October 2: Charles Darwin's Reporting Includes, But Is Not Limited To, Atrocities

Different Chuck D., although the working title for "Origin of Species" was "Welcome To The Terrordome."

Darwin's hanging out in Argentina, waiting for the Beagle to pick him up and take him back to civilization, and it gives him a chance to write a bunch of what I believe they call three-dot items, had three dots been invented in 1839. He's interested in everything! Indians, for example:
One glance at the rastro tells these people a whole history.
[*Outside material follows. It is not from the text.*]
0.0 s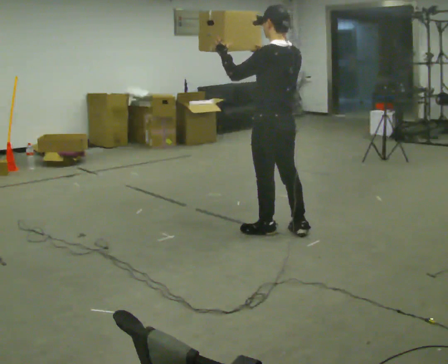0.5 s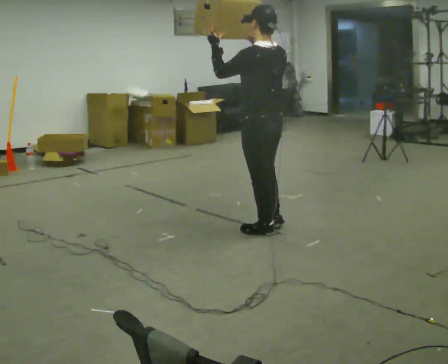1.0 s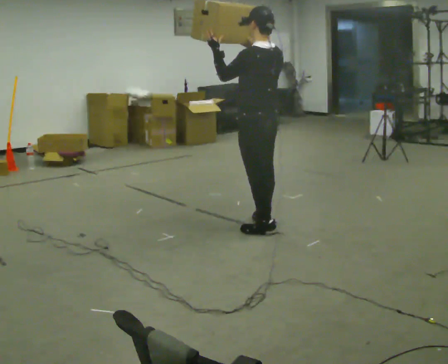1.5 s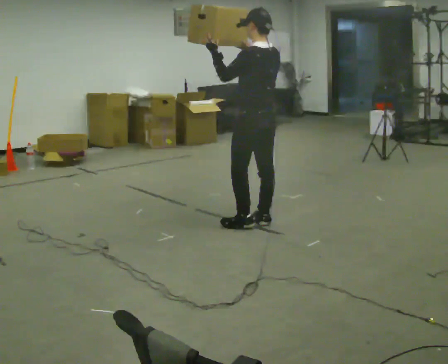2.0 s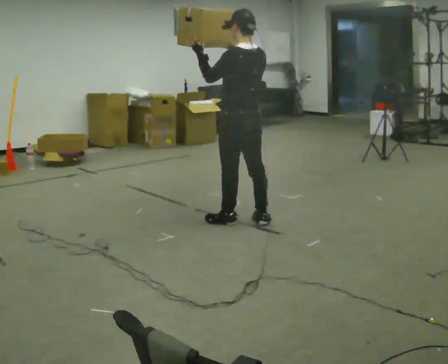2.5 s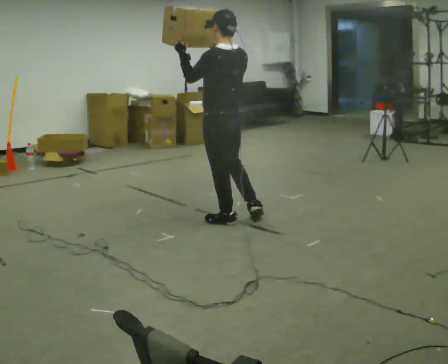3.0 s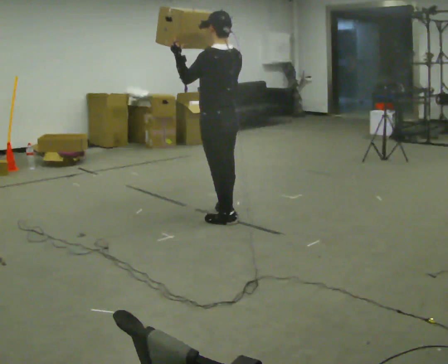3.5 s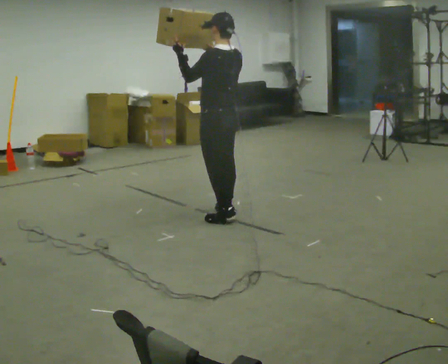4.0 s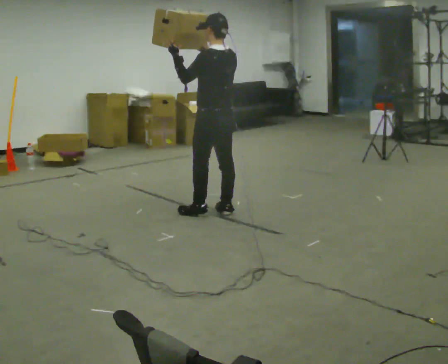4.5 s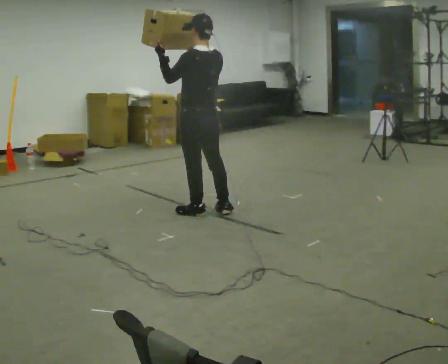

Supposing they examine the track of a thousand horses, they will soon guess the number of mounted ones by seeing how many have cantered; by the depth of the other impressions, whether any horses were loaded with cargoes; by the irregularity of the footsteps, how far tired; by the manner in which the food has been cooked, whether the pursued travelled in haste; by the general appearance, how long it has been since they passed. ...With the sun for their guide, mare’s flesh for food, their saddle-cloths for beds,—as long as there is a little water, these men would penetrate to the end of the world.
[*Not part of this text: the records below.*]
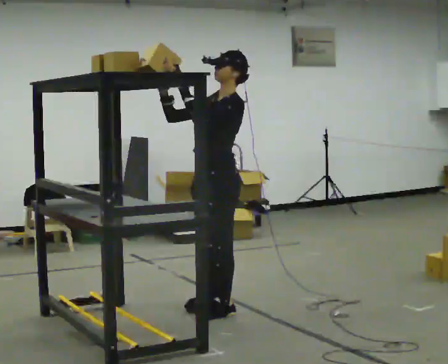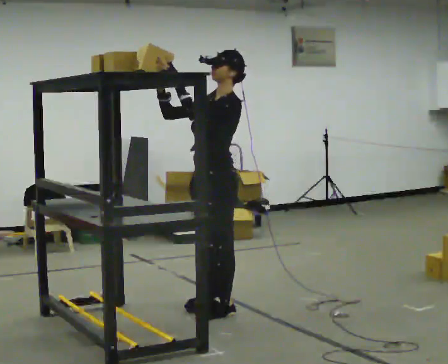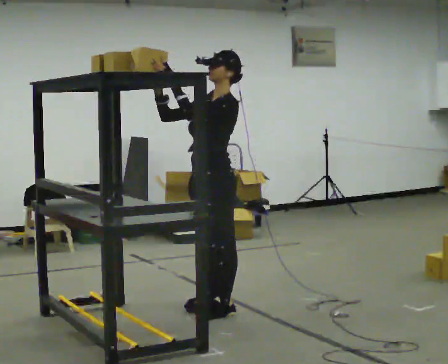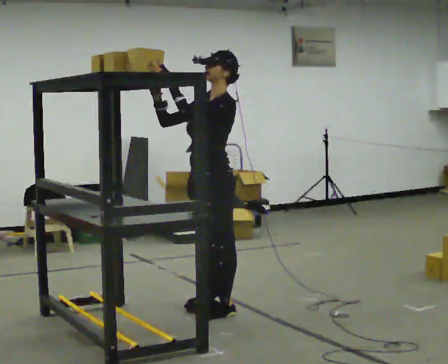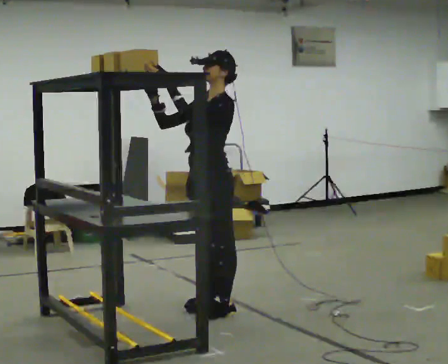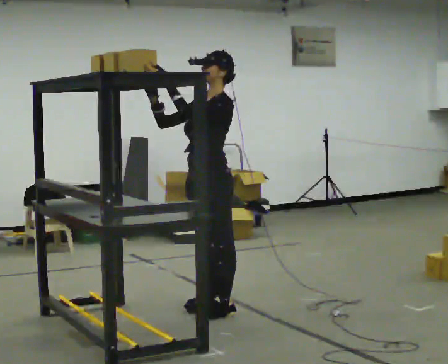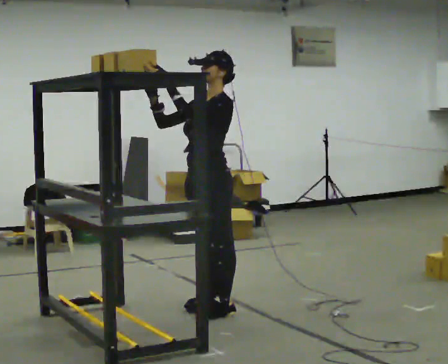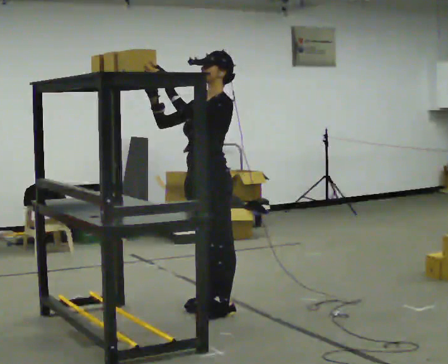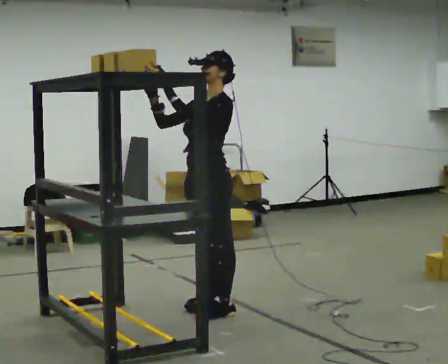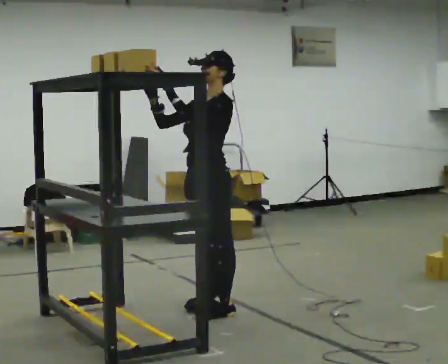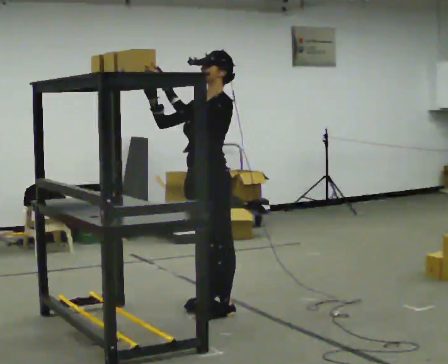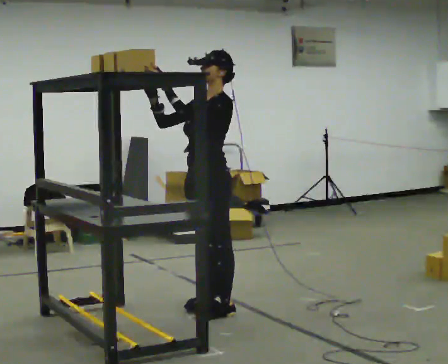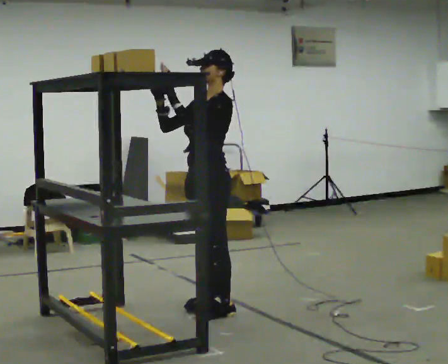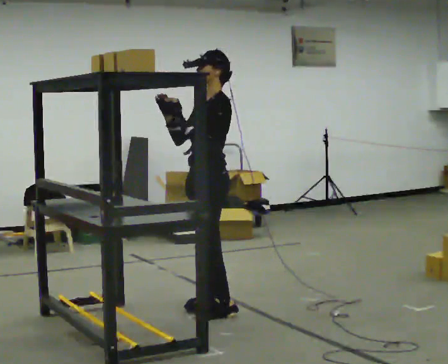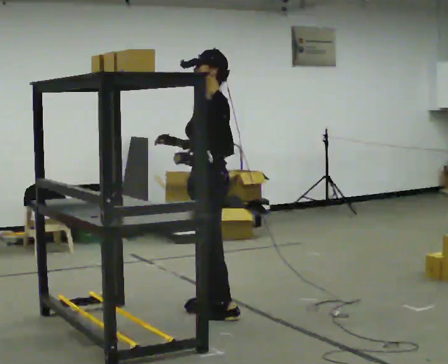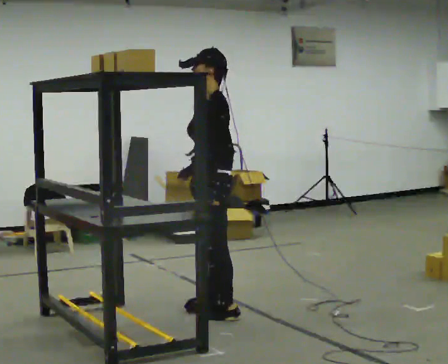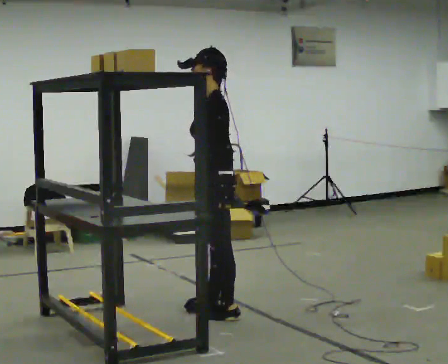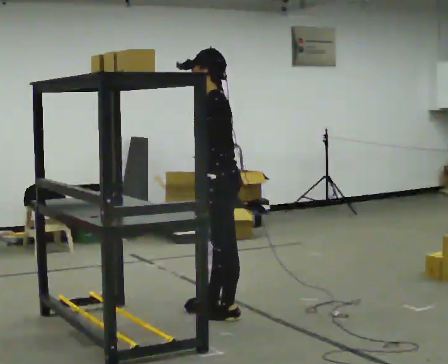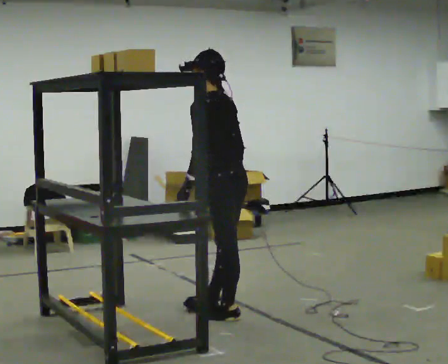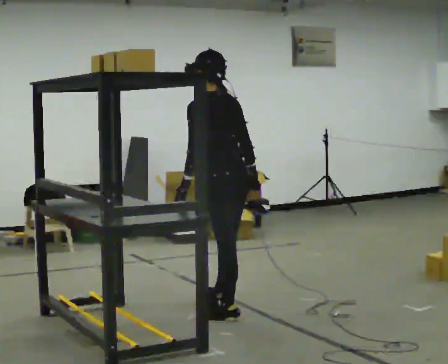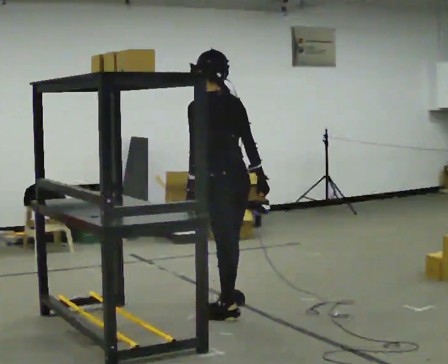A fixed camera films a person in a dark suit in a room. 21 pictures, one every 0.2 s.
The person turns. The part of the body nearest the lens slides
to the left.
The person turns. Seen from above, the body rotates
clockwise.
0.0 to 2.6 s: The person moves a little, or ends about where they began.
2.6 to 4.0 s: The person turns about 75 degrees to their right, clockwise seen from above, so the part of the body nearest the lens slides to the left. In the picture their right hand goes to the right and downward, the arm swinging counterclockwise.
The film runs forward here.

Also, imperialist atrocities against Indians are also interesting:
My informer said, when he was pursuing an Indian, the man cried out for mercy, at the same time that he was covertly loosing the bolas from his waist, meaning to whirl it round his head and so strike his pursuer. “I however struck him with my sabre to the ground, and then got off my horse, and cut his throat with my knife.” This is a dark picture; but how much more shocking is the unquestionable fact, that all the women who appear above twenty years old are massacred in cold blood! When I exclaimed that this appeared rather inhuman, he answered, “Why, what can be done? they breed so!”
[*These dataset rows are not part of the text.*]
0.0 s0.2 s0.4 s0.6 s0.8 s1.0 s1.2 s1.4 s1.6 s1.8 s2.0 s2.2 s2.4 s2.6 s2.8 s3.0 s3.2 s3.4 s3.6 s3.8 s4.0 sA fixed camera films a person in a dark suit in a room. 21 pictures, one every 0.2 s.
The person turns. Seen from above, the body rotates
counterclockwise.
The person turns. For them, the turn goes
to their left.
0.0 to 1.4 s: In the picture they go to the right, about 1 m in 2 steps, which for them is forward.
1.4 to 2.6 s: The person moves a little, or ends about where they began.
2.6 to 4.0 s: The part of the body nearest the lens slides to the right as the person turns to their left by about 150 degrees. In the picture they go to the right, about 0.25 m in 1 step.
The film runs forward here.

...The escape of the Indians to the south of the Rio Negro, where in such a vast unknown country they would be safe, is prevented by a treaty with the Tehuelches to this effect;—that Rosas pays them so much to slaughter every Indian who passes to the south of the river, but if they fail in so doing, they themselves are to be exterminated.
Also? Somebody found an arrowhead!
He told me it was found near the island of Cholechel, and that they are frequently picked up there. It was between two and three inches long, and therefore twice as large as those now used in Tierra del Fuego: it was made of opaque cream-coloured flint, but the point and barbs had been intentionally broken off. It is well known that no Pampas Indians now use bows and arrows.
It's like a letter from a summer camp where you can go watch a real live genocide. I suppose when you've spent a sea voyage watching the nature red in tooth and claw, the brutalities of man v. man start to seem inevitable/natural.